**EXERCISE DESCRIPTION:** From the entries below, copy exactly the lines from the one that contains "0 -1.333 1173" through the one that contains "0 -1.333 635.2", both included, and only those.

**PROVIDED ENTRIES:**
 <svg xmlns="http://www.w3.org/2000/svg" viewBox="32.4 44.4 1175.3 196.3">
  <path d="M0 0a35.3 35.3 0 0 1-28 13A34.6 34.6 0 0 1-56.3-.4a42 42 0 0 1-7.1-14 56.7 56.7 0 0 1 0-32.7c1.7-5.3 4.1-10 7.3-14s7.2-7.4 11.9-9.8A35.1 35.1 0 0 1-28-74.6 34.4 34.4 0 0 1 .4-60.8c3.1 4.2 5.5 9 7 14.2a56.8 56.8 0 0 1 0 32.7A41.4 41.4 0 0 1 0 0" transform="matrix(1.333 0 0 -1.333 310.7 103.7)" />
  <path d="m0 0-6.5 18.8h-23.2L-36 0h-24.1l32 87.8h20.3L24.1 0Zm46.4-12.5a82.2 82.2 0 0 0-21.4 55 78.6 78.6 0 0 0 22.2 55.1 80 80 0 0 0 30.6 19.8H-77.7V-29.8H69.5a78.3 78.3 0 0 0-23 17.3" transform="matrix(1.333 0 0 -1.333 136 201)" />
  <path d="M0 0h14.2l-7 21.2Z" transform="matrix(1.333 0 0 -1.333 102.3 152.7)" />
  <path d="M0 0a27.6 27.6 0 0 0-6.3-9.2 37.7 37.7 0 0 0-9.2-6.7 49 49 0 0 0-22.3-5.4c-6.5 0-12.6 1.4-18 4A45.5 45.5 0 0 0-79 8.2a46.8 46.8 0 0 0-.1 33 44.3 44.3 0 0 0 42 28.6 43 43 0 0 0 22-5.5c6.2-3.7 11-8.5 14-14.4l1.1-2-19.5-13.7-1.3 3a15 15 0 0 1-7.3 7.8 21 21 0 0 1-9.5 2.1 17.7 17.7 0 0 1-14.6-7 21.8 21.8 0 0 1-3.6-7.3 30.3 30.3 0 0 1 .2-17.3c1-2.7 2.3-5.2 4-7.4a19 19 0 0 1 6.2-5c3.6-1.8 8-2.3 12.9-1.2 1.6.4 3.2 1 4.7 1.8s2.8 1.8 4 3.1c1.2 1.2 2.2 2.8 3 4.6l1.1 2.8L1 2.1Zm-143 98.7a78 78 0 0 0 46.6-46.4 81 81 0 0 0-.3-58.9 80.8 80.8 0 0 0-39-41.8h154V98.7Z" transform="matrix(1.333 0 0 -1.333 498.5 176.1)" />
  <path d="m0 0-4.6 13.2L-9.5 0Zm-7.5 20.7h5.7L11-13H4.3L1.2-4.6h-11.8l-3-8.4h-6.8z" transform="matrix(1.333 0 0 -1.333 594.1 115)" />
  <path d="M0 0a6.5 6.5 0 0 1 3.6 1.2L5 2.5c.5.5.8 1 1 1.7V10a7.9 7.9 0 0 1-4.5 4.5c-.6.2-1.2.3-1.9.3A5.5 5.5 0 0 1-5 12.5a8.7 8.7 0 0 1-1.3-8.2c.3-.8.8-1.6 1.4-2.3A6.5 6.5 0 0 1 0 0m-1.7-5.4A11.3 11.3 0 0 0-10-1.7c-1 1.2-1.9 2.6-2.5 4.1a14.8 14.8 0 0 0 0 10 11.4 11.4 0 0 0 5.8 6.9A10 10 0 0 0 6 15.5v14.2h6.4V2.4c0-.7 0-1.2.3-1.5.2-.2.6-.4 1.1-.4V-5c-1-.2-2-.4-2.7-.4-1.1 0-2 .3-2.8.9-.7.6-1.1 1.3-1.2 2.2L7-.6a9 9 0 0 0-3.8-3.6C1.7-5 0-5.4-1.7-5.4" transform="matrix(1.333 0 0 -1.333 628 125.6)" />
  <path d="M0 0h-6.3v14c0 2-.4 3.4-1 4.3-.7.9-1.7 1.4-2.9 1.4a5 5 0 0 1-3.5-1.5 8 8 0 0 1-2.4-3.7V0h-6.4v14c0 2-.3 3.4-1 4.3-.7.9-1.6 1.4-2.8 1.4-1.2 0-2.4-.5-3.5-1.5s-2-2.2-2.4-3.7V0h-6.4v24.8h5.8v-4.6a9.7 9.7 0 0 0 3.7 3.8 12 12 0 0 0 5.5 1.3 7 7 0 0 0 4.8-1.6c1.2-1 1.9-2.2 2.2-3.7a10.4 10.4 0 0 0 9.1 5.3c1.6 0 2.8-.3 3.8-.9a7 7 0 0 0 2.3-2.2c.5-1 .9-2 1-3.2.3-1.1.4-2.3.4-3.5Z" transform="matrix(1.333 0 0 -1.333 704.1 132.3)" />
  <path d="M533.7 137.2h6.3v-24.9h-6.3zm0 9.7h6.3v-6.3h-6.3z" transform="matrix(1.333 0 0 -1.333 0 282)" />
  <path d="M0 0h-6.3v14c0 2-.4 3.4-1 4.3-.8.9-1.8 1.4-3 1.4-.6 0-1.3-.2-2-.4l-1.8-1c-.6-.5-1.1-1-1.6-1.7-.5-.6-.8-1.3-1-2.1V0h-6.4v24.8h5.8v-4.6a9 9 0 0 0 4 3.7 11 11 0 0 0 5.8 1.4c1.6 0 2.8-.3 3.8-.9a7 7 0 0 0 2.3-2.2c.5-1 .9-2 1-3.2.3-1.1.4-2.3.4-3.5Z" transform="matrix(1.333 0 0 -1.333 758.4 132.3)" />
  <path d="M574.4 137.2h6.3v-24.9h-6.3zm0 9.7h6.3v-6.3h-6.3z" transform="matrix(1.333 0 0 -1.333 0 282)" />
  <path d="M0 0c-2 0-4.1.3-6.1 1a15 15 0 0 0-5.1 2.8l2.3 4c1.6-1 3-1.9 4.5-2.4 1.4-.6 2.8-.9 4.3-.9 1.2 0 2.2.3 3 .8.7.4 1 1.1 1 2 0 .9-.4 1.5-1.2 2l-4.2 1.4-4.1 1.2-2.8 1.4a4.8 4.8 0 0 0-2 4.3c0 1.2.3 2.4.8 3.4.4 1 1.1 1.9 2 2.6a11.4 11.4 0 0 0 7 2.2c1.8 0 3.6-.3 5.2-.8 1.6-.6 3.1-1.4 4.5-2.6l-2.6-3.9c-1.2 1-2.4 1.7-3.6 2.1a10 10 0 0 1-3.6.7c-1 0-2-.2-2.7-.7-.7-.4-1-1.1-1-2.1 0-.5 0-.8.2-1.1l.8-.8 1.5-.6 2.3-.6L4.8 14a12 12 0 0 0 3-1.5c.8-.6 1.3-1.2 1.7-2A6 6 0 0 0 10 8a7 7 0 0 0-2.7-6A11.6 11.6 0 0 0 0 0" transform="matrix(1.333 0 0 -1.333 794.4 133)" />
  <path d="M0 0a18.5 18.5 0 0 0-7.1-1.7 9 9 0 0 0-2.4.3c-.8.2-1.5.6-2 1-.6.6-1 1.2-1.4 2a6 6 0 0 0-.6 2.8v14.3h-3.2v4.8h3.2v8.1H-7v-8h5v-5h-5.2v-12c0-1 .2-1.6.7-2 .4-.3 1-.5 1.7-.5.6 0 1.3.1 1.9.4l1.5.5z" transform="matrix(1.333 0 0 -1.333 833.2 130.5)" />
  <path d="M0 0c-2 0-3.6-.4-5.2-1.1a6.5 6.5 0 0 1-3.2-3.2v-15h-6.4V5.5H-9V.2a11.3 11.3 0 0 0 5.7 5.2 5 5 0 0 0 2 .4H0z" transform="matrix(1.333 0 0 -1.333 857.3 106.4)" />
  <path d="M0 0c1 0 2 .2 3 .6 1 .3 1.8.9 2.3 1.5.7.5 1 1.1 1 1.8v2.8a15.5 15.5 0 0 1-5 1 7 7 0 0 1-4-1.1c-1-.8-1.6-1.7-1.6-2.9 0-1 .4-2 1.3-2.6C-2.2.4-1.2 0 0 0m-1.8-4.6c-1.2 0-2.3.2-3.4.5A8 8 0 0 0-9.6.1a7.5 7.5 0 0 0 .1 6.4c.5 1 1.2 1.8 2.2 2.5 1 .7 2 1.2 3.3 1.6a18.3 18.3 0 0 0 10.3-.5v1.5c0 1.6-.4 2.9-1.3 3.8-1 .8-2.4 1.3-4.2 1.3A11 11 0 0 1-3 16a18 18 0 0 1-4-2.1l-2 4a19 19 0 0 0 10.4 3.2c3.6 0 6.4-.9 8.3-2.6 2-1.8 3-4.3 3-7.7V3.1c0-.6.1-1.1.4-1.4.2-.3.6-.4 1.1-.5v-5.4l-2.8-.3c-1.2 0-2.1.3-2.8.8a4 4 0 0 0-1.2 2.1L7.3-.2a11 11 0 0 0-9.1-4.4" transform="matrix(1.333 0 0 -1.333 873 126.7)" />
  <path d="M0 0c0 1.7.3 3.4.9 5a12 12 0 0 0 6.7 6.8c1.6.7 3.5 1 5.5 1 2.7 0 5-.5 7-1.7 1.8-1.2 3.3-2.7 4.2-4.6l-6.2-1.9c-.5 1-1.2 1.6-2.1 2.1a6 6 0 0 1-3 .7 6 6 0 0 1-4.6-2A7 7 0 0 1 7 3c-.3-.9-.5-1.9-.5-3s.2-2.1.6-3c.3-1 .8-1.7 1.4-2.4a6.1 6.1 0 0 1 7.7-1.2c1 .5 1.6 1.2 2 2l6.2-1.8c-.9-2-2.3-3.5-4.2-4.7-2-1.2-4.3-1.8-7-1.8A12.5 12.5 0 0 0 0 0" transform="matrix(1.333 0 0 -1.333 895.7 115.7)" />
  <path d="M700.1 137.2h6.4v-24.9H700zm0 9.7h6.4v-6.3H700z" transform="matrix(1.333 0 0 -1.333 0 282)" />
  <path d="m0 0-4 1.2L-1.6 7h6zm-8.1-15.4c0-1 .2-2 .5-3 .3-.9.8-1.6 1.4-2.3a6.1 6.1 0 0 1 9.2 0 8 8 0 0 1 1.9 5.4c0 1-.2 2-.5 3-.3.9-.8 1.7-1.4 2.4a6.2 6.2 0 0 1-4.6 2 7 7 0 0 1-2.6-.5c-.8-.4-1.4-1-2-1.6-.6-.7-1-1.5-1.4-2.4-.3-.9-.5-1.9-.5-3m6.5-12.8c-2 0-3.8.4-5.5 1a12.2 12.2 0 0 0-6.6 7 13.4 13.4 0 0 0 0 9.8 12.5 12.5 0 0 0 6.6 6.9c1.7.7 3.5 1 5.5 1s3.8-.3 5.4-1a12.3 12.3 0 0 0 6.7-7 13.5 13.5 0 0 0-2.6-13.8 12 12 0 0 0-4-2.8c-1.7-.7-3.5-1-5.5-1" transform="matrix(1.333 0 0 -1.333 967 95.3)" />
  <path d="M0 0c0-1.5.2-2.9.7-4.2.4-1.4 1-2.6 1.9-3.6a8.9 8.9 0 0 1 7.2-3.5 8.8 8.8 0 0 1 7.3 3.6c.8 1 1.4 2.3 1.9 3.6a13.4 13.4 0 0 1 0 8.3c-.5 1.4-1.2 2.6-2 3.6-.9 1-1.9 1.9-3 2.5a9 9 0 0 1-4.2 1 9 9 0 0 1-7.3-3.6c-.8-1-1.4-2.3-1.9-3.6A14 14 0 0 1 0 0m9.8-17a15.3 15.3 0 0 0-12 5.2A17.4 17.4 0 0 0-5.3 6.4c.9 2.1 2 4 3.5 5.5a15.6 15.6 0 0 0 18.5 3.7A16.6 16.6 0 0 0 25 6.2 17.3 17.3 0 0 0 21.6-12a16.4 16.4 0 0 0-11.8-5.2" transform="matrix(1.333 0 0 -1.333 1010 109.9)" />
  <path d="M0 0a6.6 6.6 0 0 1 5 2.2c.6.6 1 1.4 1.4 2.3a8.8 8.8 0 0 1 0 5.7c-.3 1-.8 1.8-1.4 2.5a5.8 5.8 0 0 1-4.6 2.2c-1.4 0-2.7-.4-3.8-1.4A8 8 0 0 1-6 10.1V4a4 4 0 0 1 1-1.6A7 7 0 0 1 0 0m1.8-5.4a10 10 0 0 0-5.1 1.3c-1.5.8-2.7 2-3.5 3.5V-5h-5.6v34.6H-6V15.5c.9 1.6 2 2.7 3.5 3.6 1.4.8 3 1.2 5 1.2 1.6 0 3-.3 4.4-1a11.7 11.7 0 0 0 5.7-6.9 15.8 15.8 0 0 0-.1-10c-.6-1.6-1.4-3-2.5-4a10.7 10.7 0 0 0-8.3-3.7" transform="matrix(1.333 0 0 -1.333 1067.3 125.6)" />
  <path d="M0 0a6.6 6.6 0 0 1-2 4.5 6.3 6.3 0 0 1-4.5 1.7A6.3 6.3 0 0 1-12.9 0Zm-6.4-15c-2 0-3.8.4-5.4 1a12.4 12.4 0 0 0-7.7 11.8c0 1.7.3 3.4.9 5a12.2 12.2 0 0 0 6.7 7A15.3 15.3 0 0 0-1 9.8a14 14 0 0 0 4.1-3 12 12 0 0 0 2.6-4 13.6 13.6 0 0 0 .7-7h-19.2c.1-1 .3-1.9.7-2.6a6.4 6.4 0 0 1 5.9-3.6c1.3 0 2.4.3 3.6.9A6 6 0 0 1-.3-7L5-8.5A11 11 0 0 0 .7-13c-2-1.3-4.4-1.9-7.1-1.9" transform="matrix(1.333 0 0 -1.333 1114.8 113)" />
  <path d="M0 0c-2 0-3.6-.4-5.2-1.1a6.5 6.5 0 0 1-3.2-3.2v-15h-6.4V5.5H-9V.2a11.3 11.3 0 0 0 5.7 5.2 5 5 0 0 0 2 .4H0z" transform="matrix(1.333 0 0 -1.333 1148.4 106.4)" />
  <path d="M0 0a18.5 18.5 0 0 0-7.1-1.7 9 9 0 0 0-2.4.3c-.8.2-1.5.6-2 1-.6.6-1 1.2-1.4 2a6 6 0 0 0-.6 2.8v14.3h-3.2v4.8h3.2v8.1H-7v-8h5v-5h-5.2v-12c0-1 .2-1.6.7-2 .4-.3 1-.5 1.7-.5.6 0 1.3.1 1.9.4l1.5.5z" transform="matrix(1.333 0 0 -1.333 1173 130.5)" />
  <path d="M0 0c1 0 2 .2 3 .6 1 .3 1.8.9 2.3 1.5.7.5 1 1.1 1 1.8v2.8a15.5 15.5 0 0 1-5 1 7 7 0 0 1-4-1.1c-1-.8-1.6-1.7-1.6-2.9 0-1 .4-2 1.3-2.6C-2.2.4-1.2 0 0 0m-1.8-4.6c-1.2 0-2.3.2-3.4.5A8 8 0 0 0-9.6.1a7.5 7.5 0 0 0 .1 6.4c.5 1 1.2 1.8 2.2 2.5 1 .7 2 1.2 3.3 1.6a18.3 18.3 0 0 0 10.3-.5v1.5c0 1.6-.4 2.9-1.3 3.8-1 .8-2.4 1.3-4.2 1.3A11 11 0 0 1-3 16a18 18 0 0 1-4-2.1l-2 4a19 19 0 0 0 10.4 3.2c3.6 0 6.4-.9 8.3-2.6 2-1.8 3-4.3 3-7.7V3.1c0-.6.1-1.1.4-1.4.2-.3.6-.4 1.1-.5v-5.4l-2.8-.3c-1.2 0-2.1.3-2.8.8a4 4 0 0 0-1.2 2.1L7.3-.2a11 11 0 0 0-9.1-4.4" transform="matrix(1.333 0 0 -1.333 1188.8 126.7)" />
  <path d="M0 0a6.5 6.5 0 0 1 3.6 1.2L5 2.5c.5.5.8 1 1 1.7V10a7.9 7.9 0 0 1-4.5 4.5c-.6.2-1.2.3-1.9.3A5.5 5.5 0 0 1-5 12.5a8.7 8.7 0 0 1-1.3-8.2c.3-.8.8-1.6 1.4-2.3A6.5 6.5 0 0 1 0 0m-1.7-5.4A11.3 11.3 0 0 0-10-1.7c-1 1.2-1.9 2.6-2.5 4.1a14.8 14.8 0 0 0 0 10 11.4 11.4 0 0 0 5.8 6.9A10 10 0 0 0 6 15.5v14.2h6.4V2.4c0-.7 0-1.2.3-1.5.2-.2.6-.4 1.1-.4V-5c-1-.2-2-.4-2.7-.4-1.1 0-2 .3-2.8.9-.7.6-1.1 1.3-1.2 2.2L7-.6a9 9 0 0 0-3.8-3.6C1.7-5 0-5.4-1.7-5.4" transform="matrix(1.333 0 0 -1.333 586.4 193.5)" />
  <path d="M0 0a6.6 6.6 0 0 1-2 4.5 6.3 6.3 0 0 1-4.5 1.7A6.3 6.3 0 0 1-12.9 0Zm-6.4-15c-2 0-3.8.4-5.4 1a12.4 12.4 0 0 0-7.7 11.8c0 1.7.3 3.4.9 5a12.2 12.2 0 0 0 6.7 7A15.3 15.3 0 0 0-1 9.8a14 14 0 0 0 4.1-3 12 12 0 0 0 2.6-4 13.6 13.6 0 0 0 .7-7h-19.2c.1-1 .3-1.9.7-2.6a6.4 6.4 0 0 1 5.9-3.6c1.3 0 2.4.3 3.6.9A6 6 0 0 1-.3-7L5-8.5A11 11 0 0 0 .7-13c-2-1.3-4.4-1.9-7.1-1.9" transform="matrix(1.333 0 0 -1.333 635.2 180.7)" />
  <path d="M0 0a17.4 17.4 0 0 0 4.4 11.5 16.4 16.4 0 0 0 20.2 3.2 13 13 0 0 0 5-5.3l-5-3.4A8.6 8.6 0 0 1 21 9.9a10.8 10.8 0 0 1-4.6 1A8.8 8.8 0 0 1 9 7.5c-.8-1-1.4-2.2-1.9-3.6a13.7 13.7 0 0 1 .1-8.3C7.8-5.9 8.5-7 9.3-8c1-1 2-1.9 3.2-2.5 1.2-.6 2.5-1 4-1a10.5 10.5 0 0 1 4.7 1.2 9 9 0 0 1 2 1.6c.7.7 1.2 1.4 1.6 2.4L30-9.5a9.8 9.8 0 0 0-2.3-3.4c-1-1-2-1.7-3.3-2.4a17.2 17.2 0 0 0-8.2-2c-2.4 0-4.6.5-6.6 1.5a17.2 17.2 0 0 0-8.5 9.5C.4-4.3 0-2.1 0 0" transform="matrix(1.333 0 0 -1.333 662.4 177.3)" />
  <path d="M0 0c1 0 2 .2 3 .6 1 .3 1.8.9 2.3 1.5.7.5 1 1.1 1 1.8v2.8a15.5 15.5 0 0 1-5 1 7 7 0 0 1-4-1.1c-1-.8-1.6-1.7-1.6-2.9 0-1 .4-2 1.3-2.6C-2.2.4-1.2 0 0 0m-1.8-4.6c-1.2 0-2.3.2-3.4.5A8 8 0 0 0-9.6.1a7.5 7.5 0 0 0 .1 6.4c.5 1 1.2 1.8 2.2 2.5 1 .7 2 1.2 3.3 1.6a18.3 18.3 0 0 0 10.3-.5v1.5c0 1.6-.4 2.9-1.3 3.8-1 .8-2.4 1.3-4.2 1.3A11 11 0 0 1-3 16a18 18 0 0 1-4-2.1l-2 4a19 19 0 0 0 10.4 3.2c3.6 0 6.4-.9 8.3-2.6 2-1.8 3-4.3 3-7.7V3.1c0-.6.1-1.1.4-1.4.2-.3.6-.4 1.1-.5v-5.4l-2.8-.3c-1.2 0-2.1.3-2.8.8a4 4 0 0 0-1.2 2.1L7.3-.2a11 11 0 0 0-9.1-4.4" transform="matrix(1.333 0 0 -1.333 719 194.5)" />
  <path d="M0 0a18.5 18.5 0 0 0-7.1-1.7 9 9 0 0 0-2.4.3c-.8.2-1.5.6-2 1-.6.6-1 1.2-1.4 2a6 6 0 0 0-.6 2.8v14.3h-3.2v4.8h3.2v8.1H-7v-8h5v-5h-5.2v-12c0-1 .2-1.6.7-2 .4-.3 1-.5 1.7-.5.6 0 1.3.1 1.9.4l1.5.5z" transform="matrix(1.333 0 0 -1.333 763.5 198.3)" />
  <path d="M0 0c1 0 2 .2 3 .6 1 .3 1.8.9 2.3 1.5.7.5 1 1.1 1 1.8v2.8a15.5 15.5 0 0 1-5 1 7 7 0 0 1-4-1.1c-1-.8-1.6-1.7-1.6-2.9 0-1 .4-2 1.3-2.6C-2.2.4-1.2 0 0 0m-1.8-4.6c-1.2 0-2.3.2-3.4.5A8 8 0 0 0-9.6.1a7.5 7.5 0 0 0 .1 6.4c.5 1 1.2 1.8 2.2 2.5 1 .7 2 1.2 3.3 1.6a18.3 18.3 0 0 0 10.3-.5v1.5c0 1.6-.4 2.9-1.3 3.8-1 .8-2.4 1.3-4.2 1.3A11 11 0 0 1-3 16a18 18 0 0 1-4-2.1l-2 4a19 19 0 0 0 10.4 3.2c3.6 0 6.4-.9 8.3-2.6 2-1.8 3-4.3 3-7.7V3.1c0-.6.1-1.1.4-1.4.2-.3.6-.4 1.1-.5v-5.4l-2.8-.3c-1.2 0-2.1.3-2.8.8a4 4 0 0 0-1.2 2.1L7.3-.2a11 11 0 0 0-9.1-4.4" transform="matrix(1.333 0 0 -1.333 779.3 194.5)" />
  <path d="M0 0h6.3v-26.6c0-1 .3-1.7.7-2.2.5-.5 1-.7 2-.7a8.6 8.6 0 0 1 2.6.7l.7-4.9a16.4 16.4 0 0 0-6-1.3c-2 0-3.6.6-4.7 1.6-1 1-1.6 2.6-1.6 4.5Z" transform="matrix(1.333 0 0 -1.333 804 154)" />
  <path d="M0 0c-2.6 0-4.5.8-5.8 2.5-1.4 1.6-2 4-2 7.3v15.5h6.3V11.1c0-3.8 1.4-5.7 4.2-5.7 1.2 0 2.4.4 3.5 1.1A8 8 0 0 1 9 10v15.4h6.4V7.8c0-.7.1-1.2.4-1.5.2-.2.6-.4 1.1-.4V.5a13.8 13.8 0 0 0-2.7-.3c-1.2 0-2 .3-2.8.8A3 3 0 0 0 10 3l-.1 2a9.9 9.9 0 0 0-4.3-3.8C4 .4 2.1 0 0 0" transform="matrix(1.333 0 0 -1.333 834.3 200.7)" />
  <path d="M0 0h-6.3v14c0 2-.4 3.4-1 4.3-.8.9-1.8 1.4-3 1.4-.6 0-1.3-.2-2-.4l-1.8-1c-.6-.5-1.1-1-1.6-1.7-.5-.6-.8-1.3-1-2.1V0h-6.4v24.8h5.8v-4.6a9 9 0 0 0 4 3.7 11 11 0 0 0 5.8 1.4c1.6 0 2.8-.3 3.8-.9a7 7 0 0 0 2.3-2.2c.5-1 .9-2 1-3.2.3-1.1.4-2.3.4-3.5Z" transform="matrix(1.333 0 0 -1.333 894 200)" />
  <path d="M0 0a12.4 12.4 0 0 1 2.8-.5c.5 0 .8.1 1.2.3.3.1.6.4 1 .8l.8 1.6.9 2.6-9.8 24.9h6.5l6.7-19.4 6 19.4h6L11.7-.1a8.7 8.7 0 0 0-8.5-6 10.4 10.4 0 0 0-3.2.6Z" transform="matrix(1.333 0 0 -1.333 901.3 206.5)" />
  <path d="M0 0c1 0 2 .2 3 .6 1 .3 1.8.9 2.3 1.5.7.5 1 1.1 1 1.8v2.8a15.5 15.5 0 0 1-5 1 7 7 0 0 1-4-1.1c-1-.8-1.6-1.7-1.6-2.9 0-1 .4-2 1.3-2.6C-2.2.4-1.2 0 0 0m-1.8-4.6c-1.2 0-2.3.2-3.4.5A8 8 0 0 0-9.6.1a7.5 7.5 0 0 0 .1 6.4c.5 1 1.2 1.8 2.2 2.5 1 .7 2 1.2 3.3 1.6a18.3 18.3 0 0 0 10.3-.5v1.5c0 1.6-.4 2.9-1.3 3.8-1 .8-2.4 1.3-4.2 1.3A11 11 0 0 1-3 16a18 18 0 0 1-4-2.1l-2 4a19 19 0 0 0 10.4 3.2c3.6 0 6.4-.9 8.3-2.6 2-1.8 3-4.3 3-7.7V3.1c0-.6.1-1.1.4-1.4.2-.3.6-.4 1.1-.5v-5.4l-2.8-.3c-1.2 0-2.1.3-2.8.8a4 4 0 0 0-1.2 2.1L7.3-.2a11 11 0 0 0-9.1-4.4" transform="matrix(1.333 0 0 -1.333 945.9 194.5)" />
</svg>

**TASK RESPONSE:**
  <path d="M0 0a18.5 18.5 0 0 0-7.1-1.7 9 9 0 0 0-2.4.3c-.8.2-1.5.6-2 1-.6.6-1 1.2-1.4 2a6 6 0 0 0-.6 2.8v14.3h-3.2v4.8h3.2v8.1H-7v-8h5v-5h-5.2v-12c0-1 .2-1.6.7-2 .4-.3 1-.5 1.7-.5.6 0 1.3.1 1.9.4l1.5.5z" transform="matrix(1.333 0 0 -1.333 1173 130.5)" />
  <path d="M0 0c1 0 2 .2 3 .6 1 .3 1.8.9 2.3 1.5.7.5 1 1.1 1 1.8v2.8a15.5 15.5 0 0 1-5 1 7 7 0 0 1-4-1.1c-1-.8-1.6-1.7-1.6-2.9 0-1 .4-2 1.3-2.6C-2.2.4-1.2 0 0 0m-1.8-4.6c-1.2 0-2.3.2-3.4.5A8 8 0 0 0-9.6.1a7.5 7.5 0 0 0 .1 6.4c.5 1 1.2 1.8 2.2 2.5 1 .7 2 1.2 3.3 1.6a18.3 18.3 0 0 0 10.3-.5v1.5c0 1.6-.4 2.9-1.3 3.8-1 .8-2.4 1.3-4.2 1.3A11 11 0 0 1-3 16a18 18 0 0 1-4-2.1l-2 4a19 19 0 0 0 10.4 3.2c3.6 0 6.4-.9 8.3-2.6 2-1.8 3-4.3 3-7.7V3.1c0-.6.1-1.1.4-1.4.2-.3.6-.4 1.1-.5v-5.4l-2.8-.3c-1.2 0-2.1.3-2.8.8a4 4 0 0 0-1.2 2.1L7.3-.2a11 11 0 0 0-9.1-4.4" transform="matrix(1.333 0 0 -1.333 1188.8 126.7)" />
  <path d="M0 0a6.5 6.5 0 0 1 3.6 1.2L5 2.5c.5.5.8 1 1 1.7V10a7.9 7.9 0 0 1-4.5 4.5c-.6.2-1.2.3-1.9.3A5.5 5.5 0 0 1-5 12.5a8.7 8.7 0 0 1-1.3-8.2c.3-.8.8-1.6 1.4-2.3A6.5 6.5 0 0 1 0 0m-1.7-5.4A11.3 11.3 0 0 0-10-1.7c-1 1.2-1.9 2.6-2.5 4.1a14.8 14.8 0 0 0 0 10 11.4 11.4 0 0 0 5.8 6.9A10 10 0 0 0 6 15.5v14.2h6.4V2.4c0-.7 0-1.2.3-1.5.2-.2.6-.4 1.1-.4V-5c-1-.2-2-.4-2.7-.4-1.1 0-2 .3-2.8.9-.7.6-1.1 1.3-1.2 2.2L7-.6a9 9 0 0 0-3.8-3.6C1.7-5 0-5.4-1.7-5.4" transform="matrix(1.333 0 0 -1.333 586.4 193.5)" />
  <path d="M0 0a6.6 6.6 0 0 1-2 4.5 6.3 6.3 0 0 1-4.5 1.7A6.3 6.3 0 0 1-12.9 0Zm-6.4-15c-2 0-3.8.4-5.4 1a12.4 12.4 0 0 0-7.7 11.8c0 1.7.3 3.4.9 5a12.2 12.2 0 0 0 6.7 7A15.3 15.3 0 0 0-1 9.8a14 14 0 0 0 4.1-3 12 12 0 0 0 2.6-4 13.6 13.6 0 0 0 .7-7h-19.2c.1-1 .3-1.9.7-2.6a6.4 6.4 0 0 1 5.9-3.6c1.3 0 2.4.3 3.6.9A6 6 0 0 1-.3-7L5-8.5A11 11 0 0 0 .7-13c-2-1.3-4.4-1.9-7.1-1.9" transform="matrix(1.333 0 0 -1.333 635.2 180.7)" />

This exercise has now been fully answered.